TRY IT =
Hand back every line from the beginning of the data below through the line containing "འཁྲུལ། དེ་སྣང་བ་ལས་འཁྲུལ། དང་པོར་ཡང་", word for word and free of pictures.

[Source data]

+ + +

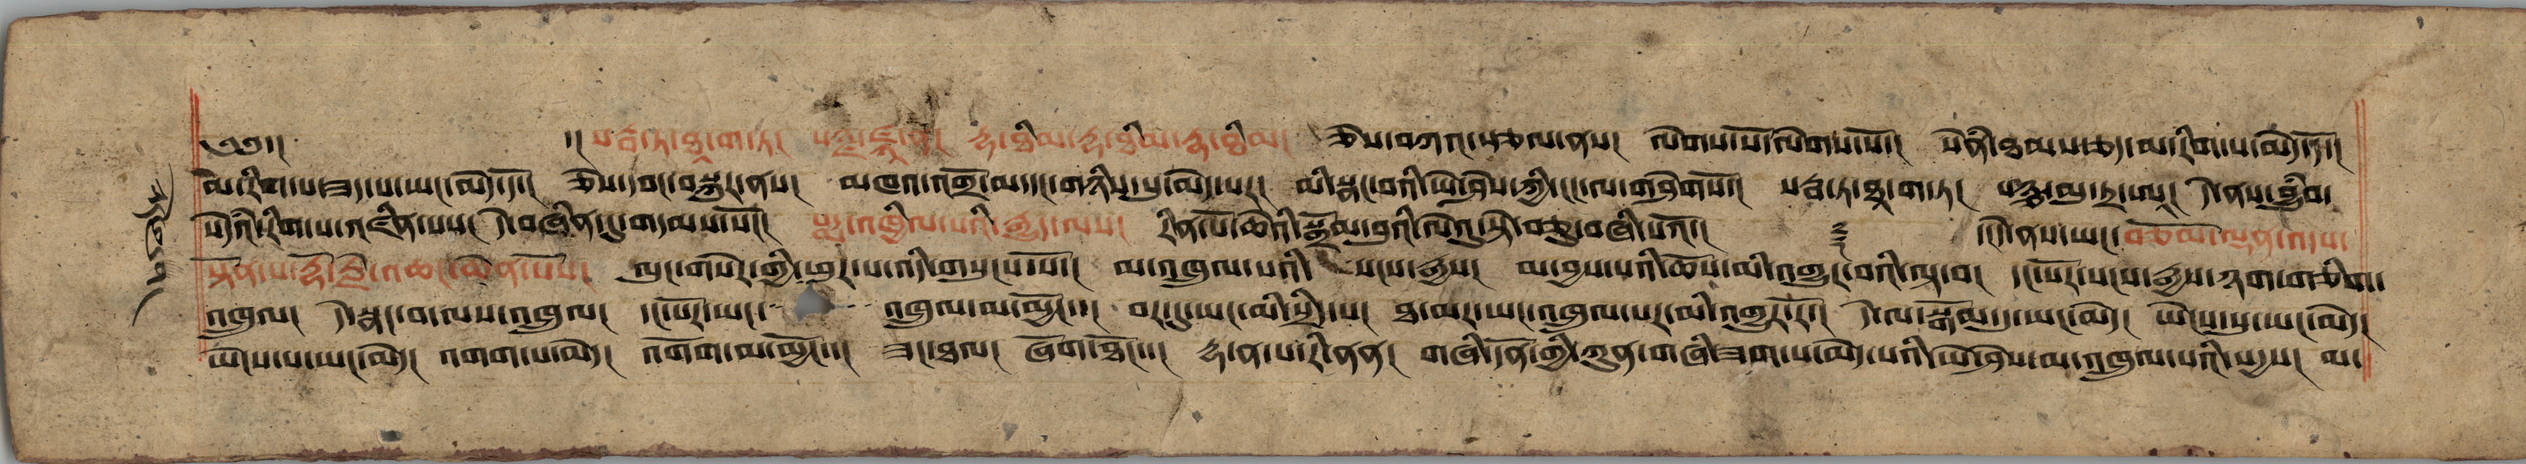༄༅་། ་།སརྦ་ཏ་ཐཱ་ག་ཏ། སཉྫ་ཛཱ་ཏྲི། དྷ་ཐིམ་དྷ་ཐིམ་དྷ་ཐིམ། ཅེས་བཀའ་སྩལ་ནས། ལེགས་སོ་ལེགས་སོ་། སེཾན་ཐམས་ཅད་མ་རིག་པ་མེད་དོ་།
མ་རིག་པ་ཟད་པ་ཡང་མེད་དོ་། ཅེས་དབང་བསྐུར་ནས། མཁའ་འགྲོ་མ་དང་གཉིས་སུ་མེད་པར། མི་སྣང་བའི་ཡེ་ཤེས་ཀྱི་ངང་ལ་གཤེགསོ་། སརྦ་ཏ་ཐཱ་ག་ཏ། མཉྩ་མུ་ཏྲ་ཨཱ། དེ་ནས་བྱུཾབ་
སེདཾའི་རིག་པ་འཛིན་པས། དེ་བཞིན་དུ་གདམས་སོང། པདྨ་འཁྱིལ་པའི་རྒྱུད་ལས། རིན་པོ་ཆེའི་སྒྲོམ་བུའི་ལེའུ་སྟེ་བཅུ་བཞི་པའོ་། ༈ ་།དེ་ནས་ཡང་བཅོམ་ལྡན་འདས་
སྟོན་པ་རྡོ་རྗེ་འཆང་ཆེན་པོས་། ལུང་གསེར་གྱི་ཕུར་པ་འདི་གསུངས་སོ་། མ་འཁྲུལ་པའི་ སངས་རྒྱས། མ་བྱས་པའི་ཆོས་མི་འགྱུར་བའི་ལྟ་བ། དང་པོར་སངས་རྒྱས་ཉག་གཅིག་
འཁྲུལ། དེ་སྣང་བ་ལས་འཁྲུལ། དང་པོར་ཡང་ འཁྲུལ་མ་མྱོང་་། བར་དུ་ཡང་མི་སྲིད་པ། ཐ་མར་ཡང་འཁྲུལ་པར་མི་འགྱུར་རོ་། དེ་ལ་སྒོམ་དུ་ཡང་མེད། ཡོངས་སུ་ཡང་མེད།
ཡེངས་པ་ཡང་མེད། འགག་པ་མེད། འགོག་མ་མྱོང་་། ཟང་ཐལ། ཞོག་ཐོང་་། དྷ་ན་པ་རི་ནན། གཞི་དོན་གྱི་ཀུན་གཞི་ཟག་པ་མེད་པའི་ཡེ་ཤེས་མ་འཁྲུལ་པའི་སདྱས། མ་

+ + +

ANSWER =
༄༅་། ་།སརྦ་ཏ་ཐཱ་ག་ཏ། སཉྫ་ཛཱ་ཏྲི། དྷ་ཐིམ་དྷ་ཐིམ་དྷ་ཐིམ། ཅེས་བཀའ་སྩལ་ནས། ལེགས་སོ་ལེགས་སོ་། སེཾན་ཐམས་ཅད་མ་རིག་པ་མེད་དོ་།
མ་རིག་པ་ཟད་པ་ཡང་མེད་དོ་། ཅེས་དབང་བསྐུར་ནས། མཁའ་འགྲོ་མ་དང་གཉིས་སུ་མེད་པར། མི་སྣང་བའི་ཡེ་ཤེས་ཀྱི་ངང་ལ་གཤེགསོ་། སརྦ་ཏ་ཐཱ་ག་ཏ། མཉྩ་མུ་ཏྲ་ཨཱ། དེ་ནས་བྱུཾབ་
སེདཾའི་རིག་པ་འཛིན་པས། དེ་བཞིན་དུ་གདམས་སོང། པདྨ་འཁྱིལ་པའི་རྒྱུད་ལས། རིན་པོ་ཆེའི་སྒྲོམ་བུའི་ལེའུ་སྟེ་བཅུ་བཞི་པའོ་། ༈ ་།དེ་ནས་ཡང་བཅོམ་ལྡན་འདས་
སྟོན་པ་རྡོ་རྗེ་འཆང་ཆེན་པོས་། ལུང་གསེར་གྱི་ཕུར་པ་འདི་གསུངས་སོ་། མ་འཁྲུལ་པའི་ སངས་རྒྱས། མ་བྱས་པའི་ཆོས་མི་འགྱུར་བའི་ལྟ་བ། དང་པོར་སངས་རྒྱས་ཉག་གཅིག་
འཁྲུལ། དེ་སྣང་བ་ལས་འཁྲུལ། དང་པོར་ཡང་ འཁྲུལ་མ་མྱོང་་། བར་དུ་ཡང་མི་སྲིད་པ། ཐ་མར་ཡང་འཁྲུལ་པར་མི་འགྱུར་རོ་། དེ་ལ་སྒོམ་དུ་ཡང་མེད། ཡོངས་སུ་ཡང་མེད།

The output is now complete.